You are viewing a plain text version of this content. The canonical link for it is here.
Posted to mapreduce-user@hadoop.apache.org by Alex Munteanu <al...@geraeteturnen.com> on 2010/06/03 10:45:26 UTC

Fwd: how to set max map tasks individually for each job?

Hello,

I am running several different mapreduce jobs. For some of them it is
better to have a rather high number of running map tasks per node,
whereas others do very intensive read operations on our database
resulting in read timeouts.
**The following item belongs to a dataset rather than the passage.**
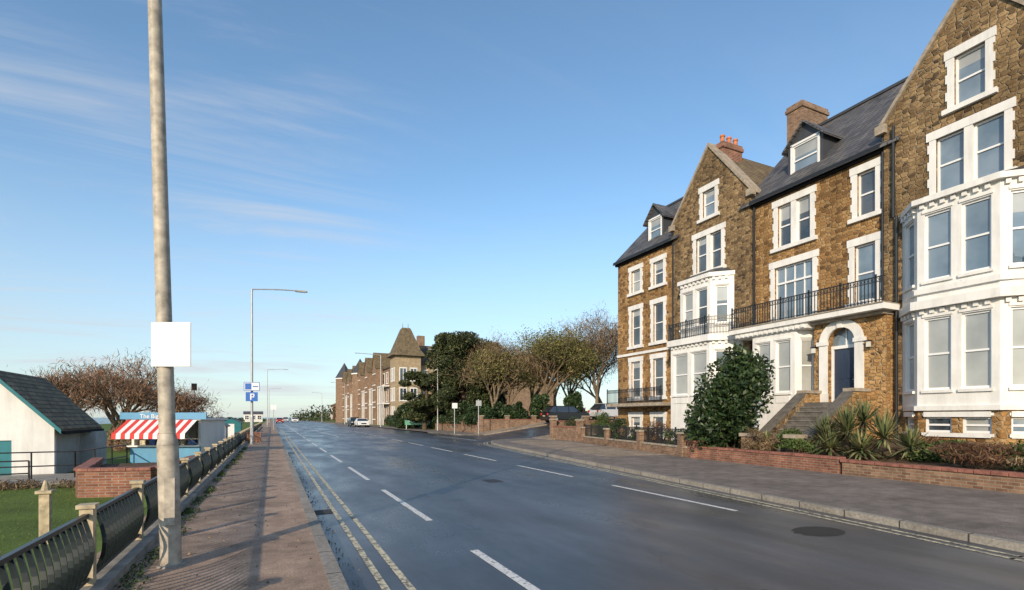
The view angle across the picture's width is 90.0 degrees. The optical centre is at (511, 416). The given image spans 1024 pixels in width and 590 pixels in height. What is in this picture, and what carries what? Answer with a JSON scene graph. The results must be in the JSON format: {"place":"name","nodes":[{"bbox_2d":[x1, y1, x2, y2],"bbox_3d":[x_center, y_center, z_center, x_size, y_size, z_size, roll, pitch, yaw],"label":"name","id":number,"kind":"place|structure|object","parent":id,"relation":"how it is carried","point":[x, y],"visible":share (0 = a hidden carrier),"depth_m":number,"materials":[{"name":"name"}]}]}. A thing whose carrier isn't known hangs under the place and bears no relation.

So for these jobs I'd like to set a much
smaller limit of concurrently running map tasks.

I tried to overwrite the "mapred.tasktracker.map.tasks.maximum" value in
our job setup but it seems to be a global setting since it affects the
tasktrackers, not the scheduling component.
Also i've found https://issues.apache.org/jira/browse/HADOOP-5170 on the
web. It seems to be exactly what I need but the changes seem not to be
in the current 0.20.2 release which I am using and they also seem to
involve the JobConf class which for now is marked deprecated.

So I have no idea how to do this without changing the global tasktracker map task maximum value and
restarting the system.

Alex


Re: how to set max map tasks individually for each job?
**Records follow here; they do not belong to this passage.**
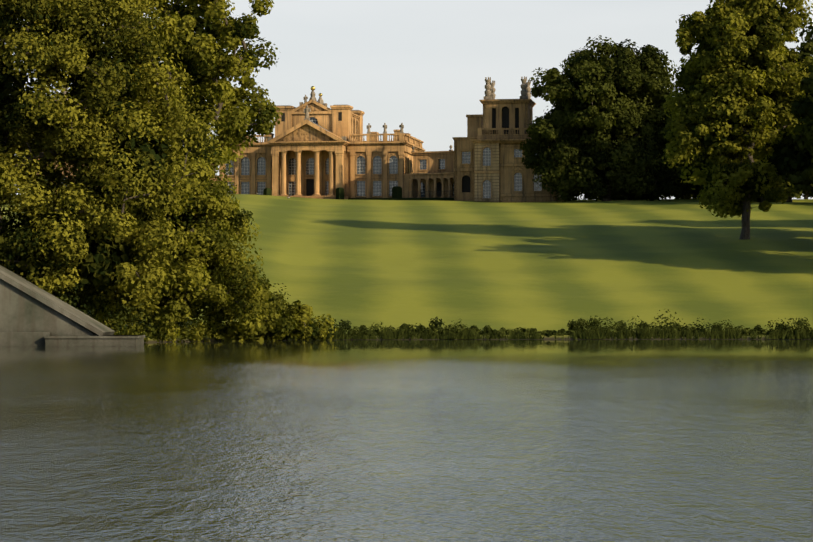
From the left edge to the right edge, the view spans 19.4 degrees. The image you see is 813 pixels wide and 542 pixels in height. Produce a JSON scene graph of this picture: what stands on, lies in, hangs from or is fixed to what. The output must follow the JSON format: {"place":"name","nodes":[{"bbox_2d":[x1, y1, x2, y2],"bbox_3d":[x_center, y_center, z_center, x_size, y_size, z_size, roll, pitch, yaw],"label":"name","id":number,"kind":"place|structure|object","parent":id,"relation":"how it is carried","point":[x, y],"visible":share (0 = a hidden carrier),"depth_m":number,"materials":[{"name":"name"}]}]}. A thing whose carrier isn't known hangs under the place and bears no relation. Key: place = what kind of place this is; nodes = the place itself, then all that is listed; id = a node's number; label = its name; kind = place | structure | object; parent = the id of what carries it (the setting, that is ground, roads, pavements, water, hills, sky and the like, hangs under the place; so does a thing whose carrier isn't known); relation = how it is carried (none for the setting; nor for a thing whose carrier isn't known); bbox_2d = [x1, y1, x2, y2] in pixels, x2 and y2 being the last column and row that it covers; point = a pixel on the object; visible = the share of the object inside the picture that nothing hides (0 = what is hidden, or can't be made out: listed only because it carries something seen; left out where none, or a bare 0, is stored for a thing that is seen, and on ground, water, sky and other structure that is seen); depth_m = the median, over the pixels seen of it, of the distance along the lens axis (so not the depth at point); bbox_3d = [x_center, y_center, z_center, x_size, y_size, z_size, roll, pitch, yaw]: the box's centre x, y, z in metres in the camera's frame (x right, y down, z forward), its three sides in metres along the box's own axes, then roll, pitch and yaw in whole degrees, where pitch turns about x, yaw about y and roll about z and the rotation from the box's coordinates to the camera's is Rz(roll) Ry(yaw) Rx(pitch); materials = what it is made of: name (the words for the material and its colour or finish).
{"place":"outdoors","nodes":[
{"label":"outdoors","id":0,"kind":"place"},
{"bbox_2d":[0,339,812,541],"bbox_3d":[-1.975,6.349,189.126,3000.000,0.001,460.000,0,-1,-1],"label":"lake water","id":1,"kind":"structure","parent":0,"point":[599,440],"depth_m":63.74,"materials":[{"name":"grey liquid"}]},
{"bbox_2d":[0,194,812,342],"bbox_3d":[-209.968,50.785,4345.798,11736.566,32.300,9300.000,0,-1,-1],"label":"ground","id":2,"kind":"structure","parent":0,"point":[538,266],"depth_m":335.99,"materials":[{"name":"green plant"}]},
{"bbox_2d":[0,265,144,345],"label":"bridge abutment","id":3,"kind":"object","parent":2,"relation":"on","point":[31,314],"visible":0.67,"depth_m":211.57,"materials":[{"name":"stone"}]},
{"bbox_2d":[0,0,226,307],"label":"tree","id":4,"kind":"object","parent":2,"relation":"on","point":[74,149],"depth_m":222.52,"materials":[{"name":"green plant"}]},
{"bbox_2d":[27,258,210,330],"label":"shrub","id":5,"kind":"object","parent":2,"relation":"on","point":[172,308],"depth_m":230.94,"materials":[{"name":"green plant"}]},
{"bbox_2d":[87,127,269,332],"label":"tree","id":6,"kind":"object","parent":2,"relation":"on","point":[217,211],"depth_m":235.05,"materials":[{"name":"green plant"}]},
{"bbox_2d":[135,164,207,293],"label":"tree leaves","id":7,"kind":"object","parent":6,"relation":"attached to","point":[185,230],"visible":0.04,"depth_m":237.49,"materials":[{"name":"green plant"}]},
{"bbox_2d":[120,0,282,231],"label":"tree","id":8,"kind":"object","parent":2,"relation":"on","point":[207,62],"depth_m":257.57,"materials":[{"name":"green plant"}]},
{"bbox_2d":[148,0,235,91],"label":"tree leaves","id":9,"kind":"object","parent":8,"relation":"attached to","point":[211,26],"visible":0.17,"depth_m":259.38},
{"bbox_2d":[93,311,338,341],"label":"waterline shrubs","id":10,"kind":"object","parent":2,"relation":"on","point":[196,333],"visible":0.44,"depth_m":235.40,"materials":[{"name":"green plant"}]},
{"bbox_2d":[190,278,318,340],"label":"shrub","id":11,"kind":"object","parent":2,"relation":"on","point":[277,326],"depth_m":241.09,"materials":[{"name":"green plant"}]},
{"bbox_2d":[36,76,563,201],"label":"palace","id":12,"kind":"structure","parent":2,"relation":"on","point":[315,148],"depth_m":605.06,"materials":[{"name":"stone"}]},
{"bbox_2d":[263,186,453,200],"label":"clipped yews","id":13,"kind":"object","parent":2,"relation":"on","point":[396,192],"visible":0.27,"depth_m":595.53,"materials":[{"name":"green plant"}]},
{"bbox_2d":[38,283,812,339],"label":"bank shrubs","id":14,"kind":"object","parent":2,"relation":"on","point":[434,326],"visible":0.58,"depth_m":251.90,"materials":[{"name":"green plant"}]},
{"bbox_2d":[272,325,812,339],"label":"bank reeds","id":15,"kind":"object","parent":2,"relation":"on","point":[662,333],"visible":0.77,"depth_m":251.55,"materials":[{"name":"green plant"}]},
{"bbox_2d":[519,35,702,201],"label":"tree","id":16,"kind":"object","parent":2,"relation":"on","point":[648,82],"depth_m":552.97,"materials":[{"name":"green plant"}]},
{"bbox_2d":[540,51,666,184],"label":"dark tree leaves","id":17,"kind":"object","parent":16,"relation":"attached to","point":[603,172],"visible":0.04,"depth_m":556.82,"materials":[{"name":"green plant"}]},
{"bbox_2d":[566,173,812,200],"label":"wood edge understorey","id":18,"kind":"object","parent":2,"relation":"on","point":[682,192],"visible":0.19,"depth_m":584.75,"materials":[{"name":"green plant"}]},
{"bbox_2d":[675,80,713,197],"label":"tree","id":19,"kind":"object","parent":2,"relation":"on","point":[703,161],"depth_m":591.09,"materials":[{"name":"green plant"}]},
{"bbox_2d":[660,0,812,239],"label":"tall tree","id":20,"kind":"object","parent":2,"relation":"on","point":[698,101],"depth_m":376.86,"materials":[{"name":"green plant"}]},
{"bbox_2d":[685,0,788,205],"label":"tree leaves","id":21,"kind":"object","parent":20,"relation":"attached to","point":[748,188],"visible":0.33,"depth_m":378.14,"materials":[{"name":"green plant"}]},
{"bbox_2d":[705,153,801,201],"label":"tree","id":22,"kind":"object","parent":2,"relation":"on","point":[798,196],"depth_m":560.62,"materials":[{"name":"green plant"}]},
{"bbox_2d":[743,22,812,201],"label":"tree","id":23,"kind":"object","parent":2,"relation":"on","point":[798,178],"depth_m":526.27,"materials":[{"name":"green plant"}]},
{"bbox_2d":[758,61,812,189],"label":"tree leaves","id":24,"kind":"object","parent":23,"relation":"attached to","point":[781,149],"visible":0.17,"depth_m":528.87,"materials":[{"name":"green plant"}]},
{"bbox_2d":[790,63,812,175],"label":"tree","id":25,"kind":"object","parent":2,"relation":"on","point":[800,108],"visible":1,"depth_m":332.10,"materials":[{"name":"green plant"}]},
{"bbox_2d":[5,0,812,199],"label":"sky","id":26,"kind":"structure","parent":0,"point":[423,66],"materials":[{"name":"white"}]}
]}

Posted by Eric Sammer <es...@cloudera.com>.
On Thu, Jun 3, 2010 at 4:45 AM, Alex Munteanu <al...@geraeteturnen.com> wrote:
> Hello,
>
> I am running several different mapreduce jobs. For some of them it is
> better to have a rather high number of running map tasks per node,
> whereas others do very intensive read operations on our database
> resulting in read timeouts. So for these jobs I'd like to set a much
> smaller limit of concurrently running map tasks.
>
> I tried to overwrite the "mapred.tasktracker.map.tasks.maximum" value in
> our job setup but it seems to be a global setting since it affects the
> tasktrackers, not the scheduling component.

That's correct.

> Also i've found https://issues.apache.org/jira/browse/HADOOP-5170 on the
> web. It seems to be exactly what I need but the changes seem not to be
> in the current 0.20.2 release which I am using and they also seem to
> involve the JobConf class which for now is marked deprecated.

There are two parts here. Regarding HADOOP-5170, you can see that it
was strongly debated in the JIRA comments. This patch was backed out
of 0.21 (the version it was scheduled to part of) and the author opted
to submit it as part of the Fair Scheduler rather than Hadoop MR. I'm
not sure of the exact status as to its inclusion in the fair scheduler
code base.

While the JobConf (and many related mapred.* classes) are marked
@Deprecated the reality is that they will probably be un-deprecated
for the next release. They'll be around for a while.

> So I have no idea how to do this without changing the global tasktracker map
> task maximum value and
> restarting the system.

Unfortunately, there's no good way to handle this right now. You can
use the fair scheduler to create two pools with varying max tasks, but
that's cluster wide, not per host so I don't think that will be
helpful. A better option is to pack more work into each task in the
"lighter" of your two jobs so they have similar performance
characteristics, if possible. Of course, easier said than done, I
know.

-- 
Eric Sammer
phone: +1-917-287-2675
twitter: esammer
data: www.cloudera.com

Re: how to set max map tasks individually for each job?

Posted by Allen Wittenauer <aw...@linkedin.com>.
On Jun 3, 2010, at 1:45 AM, Alex Munteanu wrote:
> I am running several different mapreduce jobs. For some of them it is
> better to have a rather high number of running map tasks per node,
> whereas others do very intensive read operations on our database
> resulting in read timeouts. So for these jobs I'd like to set a much
> smaller limit of concurrently running map tasks.


IIRC, 0.21+capacity scheduler has some capabilities that might be useful here.  You can set a (global) default heap size per task.   For those jobs that you want to limit, you can double the size and the capacity scheduler will only schedule one of those tasks instead of two.